11. éternelles éphémères
Les fleurs sont des beautés sur le déclin, ne cessant de faner et de nous échapper. Elles sont une métaphore de l’impermanence des phénomènes et de la fragilité du vivant.
Ce jardin tente de faire accéder au sens même des choses, à l’insaisissable beauté des réalités géographiques, et ce à l'image du Petit Prince de Saint-Exupéry : en faisant l'expérience du caractère éphémère des fleurs et en s'évertuant à en capturer l’essence avant leur disparition, on tente de cristalliser leur pouvoir, leur éclat, leur odeur, leur couleur.
Un jardin dense de graminées et de plantes vivaces, aux inflorescences multiples, aux fleurs séchées, envolées, et graines semées, ramène le visiteur vers l’inéluctable fuite du temps. Cette expérience immersive au cœur de l’éphémère, conduit à une clairière de fleurs minérales. Ainsi sont dévoilées des fleurs toujours belles, car passées dans le moulin de l’esprit du poète, des fleurs sans racines, qui n’auraient plus que ce que le peintre a voulu qu’elles gardent de leur essence dans un tableau.
Bien qu’éphémère, la rose du Petit Prince valait à elle seule plus que toutes les réalités durables que connaissait le géographe, car c’est elle qu’il avait apprivoisée. Les réalités passagères et fugitives sont essentielles à notre existence, car elles seules lui donnent un sens. Ne sont point importants les mers, les villes et les paysages, mais les relations riches et profondes que nous établissons entre ces mers, ces villes, ces paysages et nous-mêmes. Nous confronter à notre relation au vivant, là est le réel pouvoir des fleurs.
ConceptRICES
Emeline BROSSARD, paysagiste DPLG, et Lucie BULOT, architecte HMONP
FRANCE
De gauche à droite : Emeline Brossard et Lucie Bulot
"C’est lors d’un cursus en arts appliqués que nous avons commencé à partager un fort intérêt à l’égard de la dimension conceptuelle des aménagements de demain. Nos chemins se sont croisés pour la première fois entre les murs de l’ENSAMAA Olivier de Serres, et n’ont cessé de s’alimenter parallèlement et réciproquement au fil des années, dans des parcours pourtant bien distincts par la suite."
Lucie BULOT
"Mon travail est depuis toujours motivé par un profond désir d’orienter mon parcours vers de nouvelles perspectives, toujours en accord avec mes convictions d’architecte, consciente de l’évolution de sa pratique et désireuse de requestionner ses potentialités.

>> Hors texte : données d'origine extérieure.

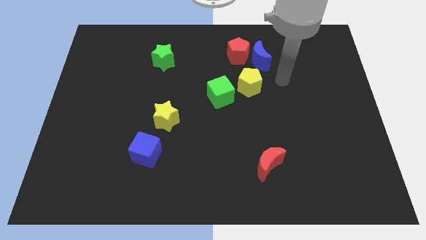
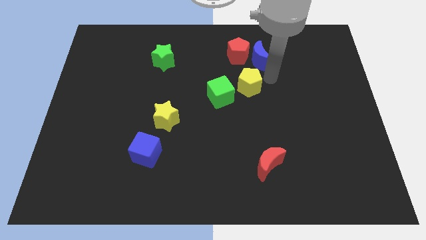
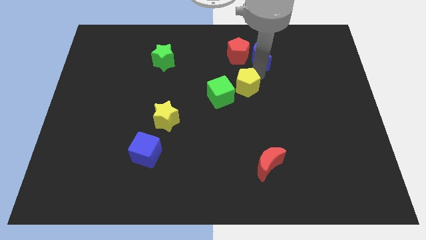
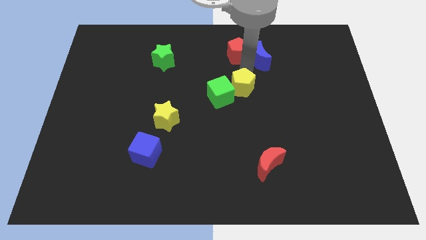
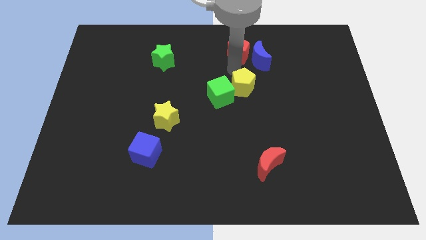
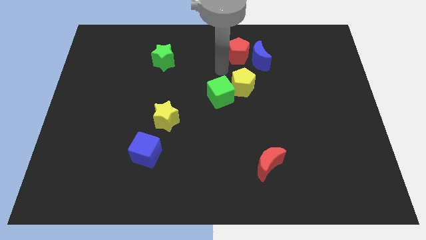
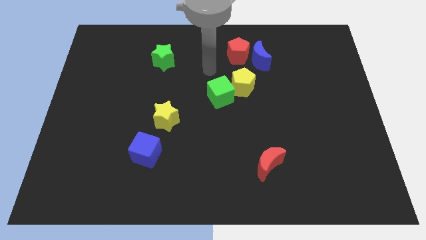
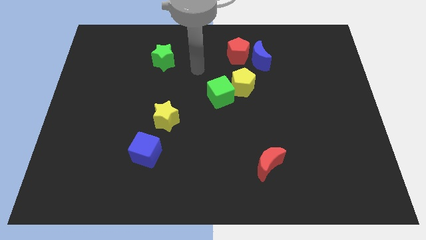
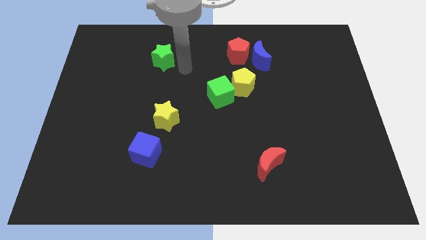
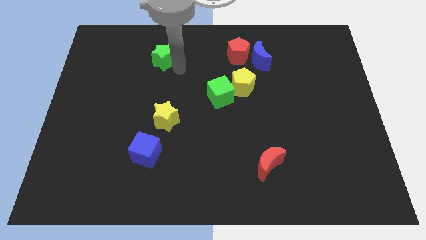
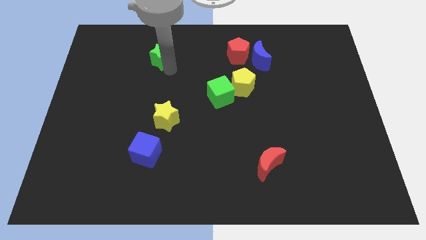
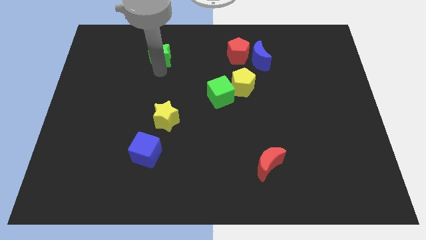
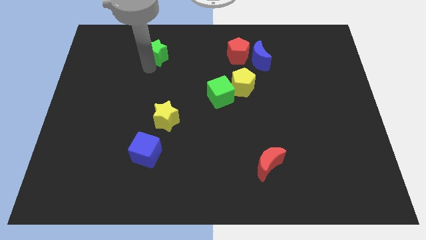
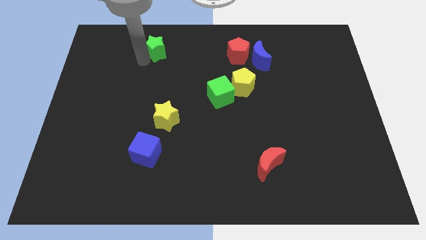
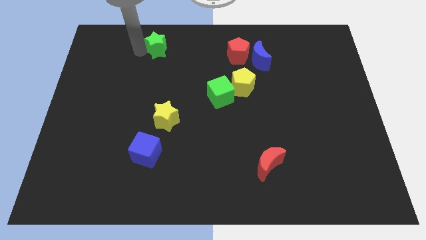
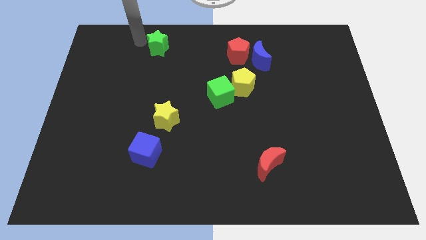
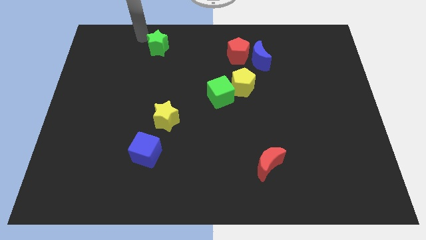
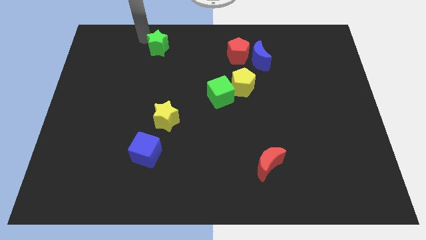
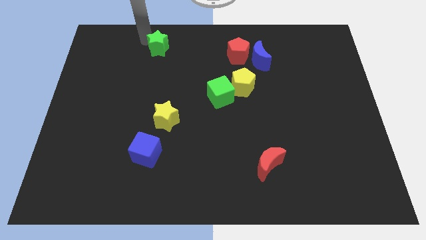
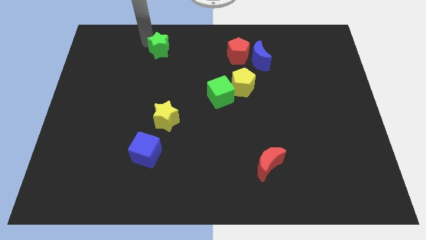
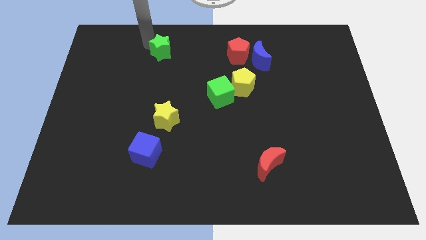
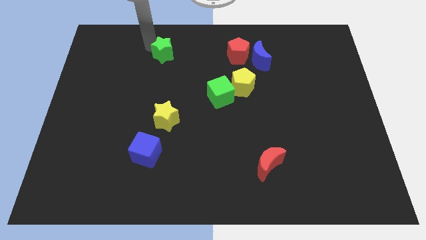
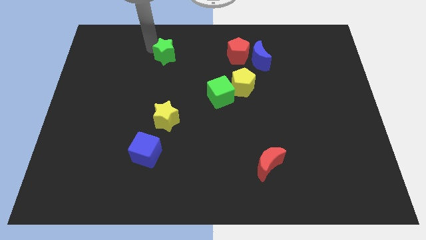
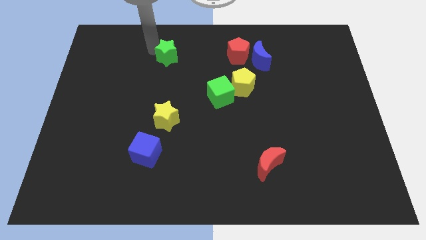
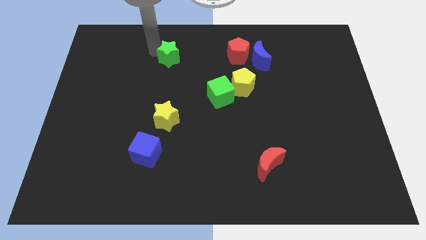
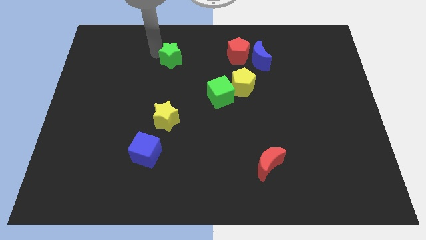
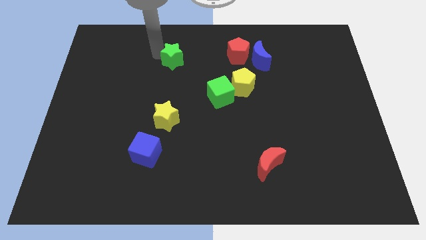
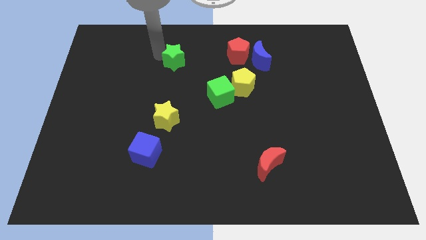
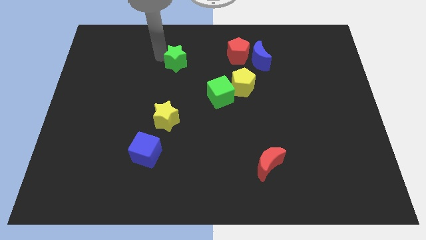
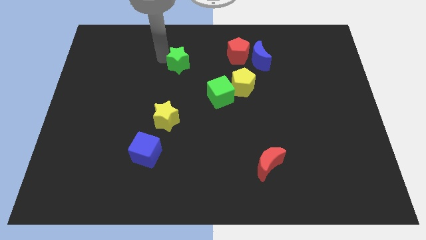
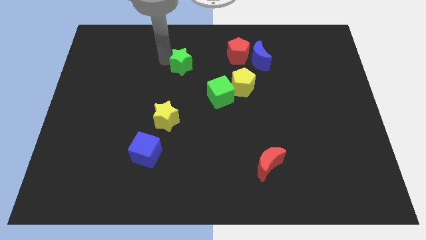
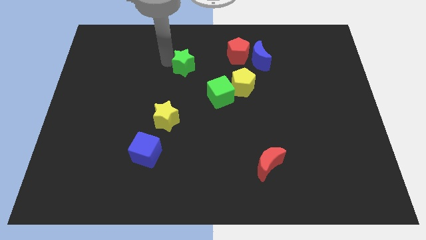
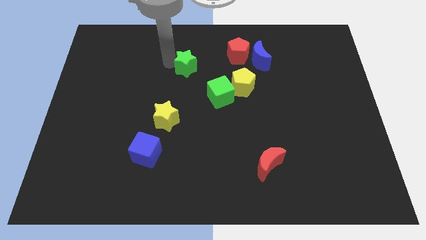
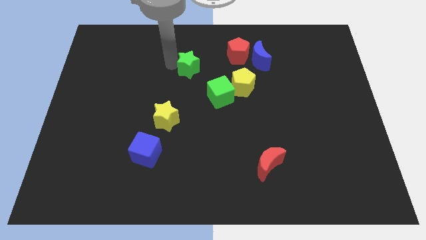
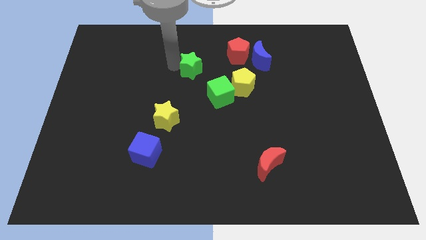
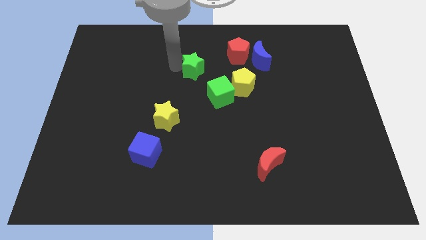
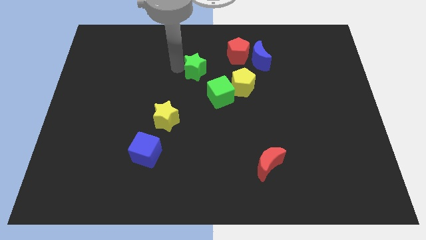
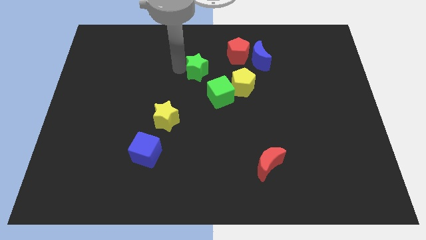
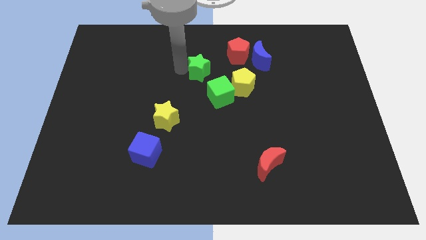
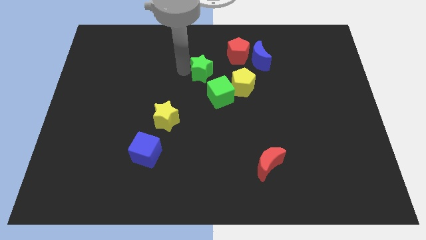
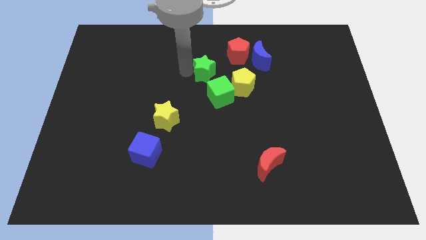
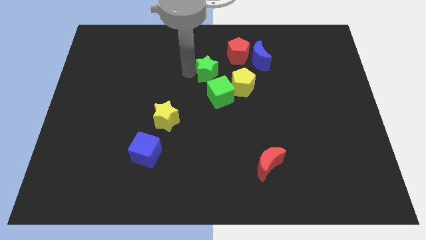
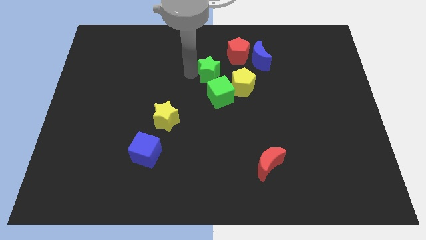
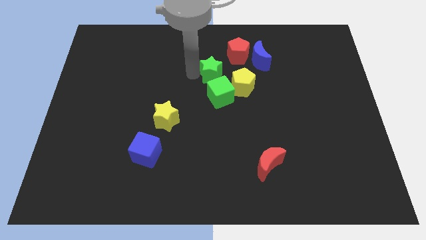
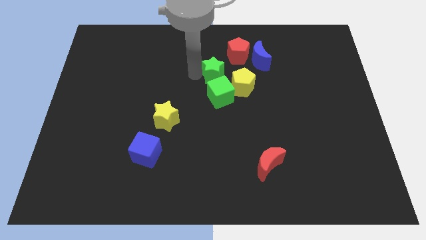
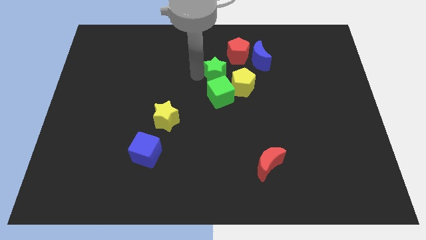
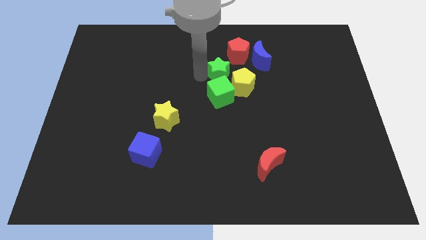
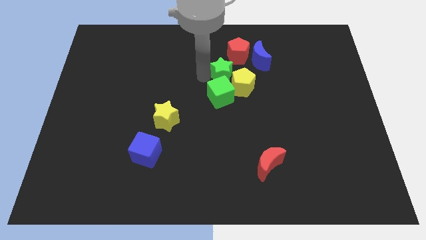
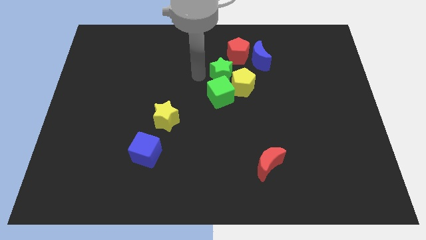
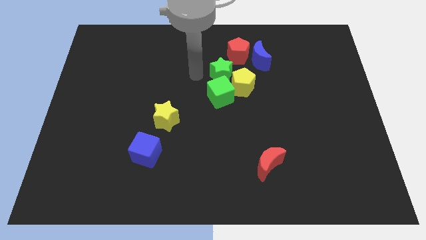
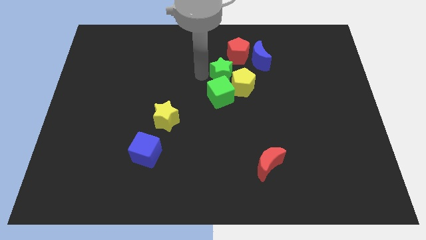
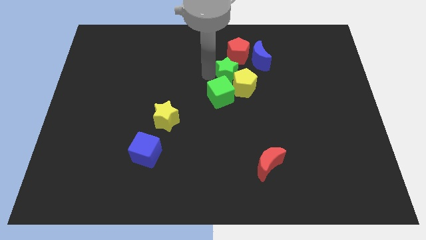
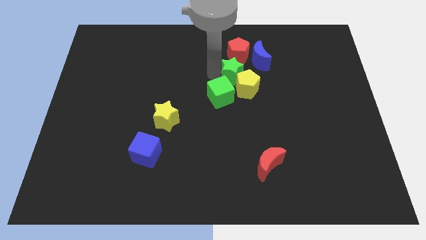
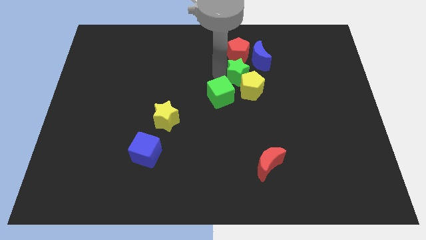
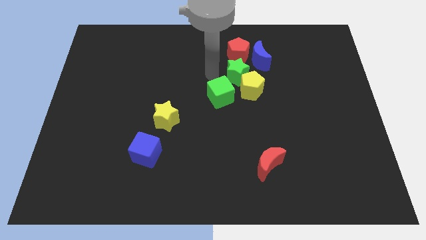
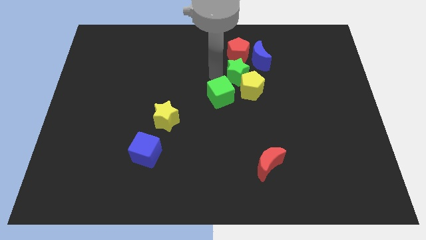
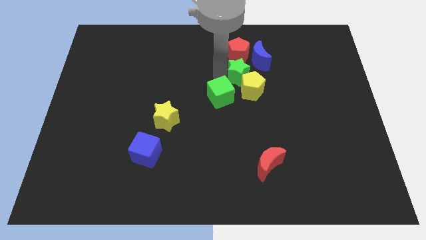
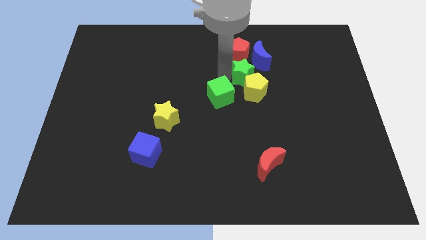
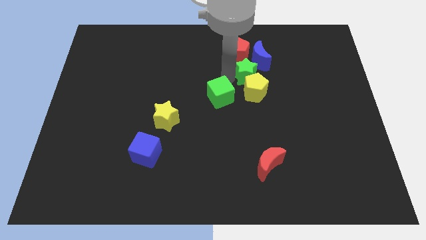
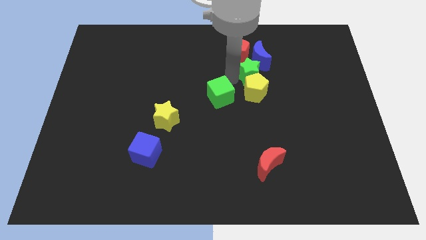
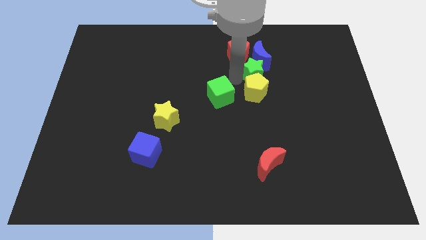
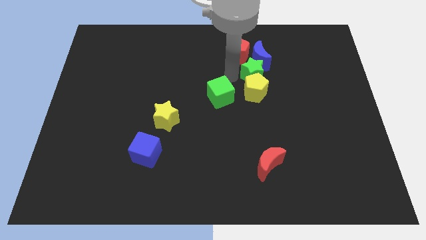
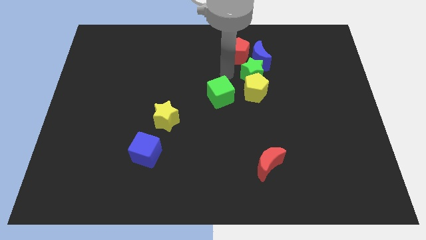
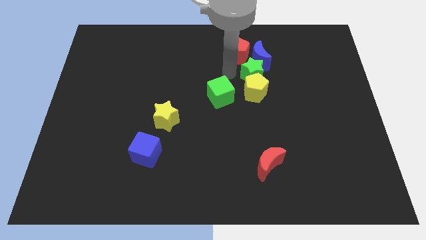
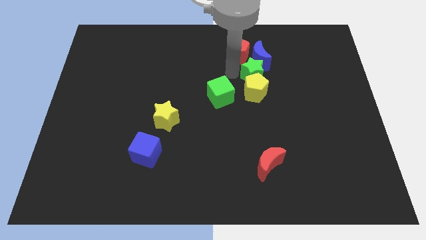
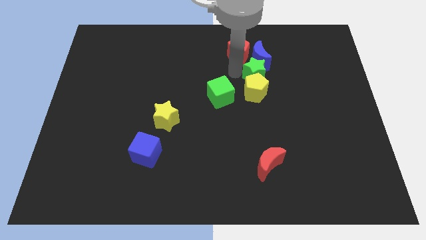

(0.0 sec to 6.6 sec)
slide the green star to the bottom right of the blue moon

Je considère l’architecture non pas comme un objet, mais comme une histoire racontée, faite d’hommes, de savoirs, de lieux et de matières. Cette approche rend, à mon sens, possible une appropriation active par les hommes et par les femmes, des programmes réinventés, des modèles usés repensés, une matière qu’on transforme, des savoirs qui s’échangent, une grammaire constructive que l’on recompose, des chantiers qui sont des laboratoires. Au cours de mes quatre années d’expérience au sein d’agences internationales (Dominique Perrault, AREP, Wilmotte et Associés,...) qui ont façonné l’architecte que je suis aujourd’hui,
j’ai souhaité faire évoluer mon rapport à la production architecturale, tout en m’ouvrant à de nouveaux champs d’action, tels que l’urbanisme ou encore le paysage. Ma participation au Festival International des Jardins de Chaumont-sur-Loire, en collaboration avec Emeline Brossard, s’inscrit dans cette dynamique."
Emeline BROSSARD
"Sensible à la dimension conceptuelle du projet, l’approche artistique m’a souvent orientée vers l’émergence du projet, quelles que soit les échelles d’intervention. La compréhension contextuelle et culturelle d’un territoire se fait dans le dialogue intrinsèque entre le fragment et la diffusion "hors-limites" du site. L’idée de chaque intervention est de rendre un sens au lieu dans la mise en valeur de ce qui est omniprésent, notamment par le biais du vivant. Cette approche permet d’approfondir au mieux notre regard et l’anticipation des lieux futurs face aux évolutions sociétales. La dimension poétique du lieu semble indissociable de la lecture du paysage que nous faisons, celui-ci nous traverse et les souvenirs que nous conservons font directement appel à nos sens et à nos représentations. L’élargissement progressif de mes études a pu me mener vers des expériences professionnelles diversifiées en agence ou pour mes propres projets, tout en affinant ma démarche de paysagiste dans un enrichissement permanent. Je pratique actuellement ma profession de paysagiste DPLG sur des projets variés à la fois, à mon compte, à travers la France, et en agence de paysage en région parisienne. Ma collaboration avec Lucie Bulot pour le Festival International des Jardins de Chaumont-sur-Loire constitue un bel élan de projet ensemble."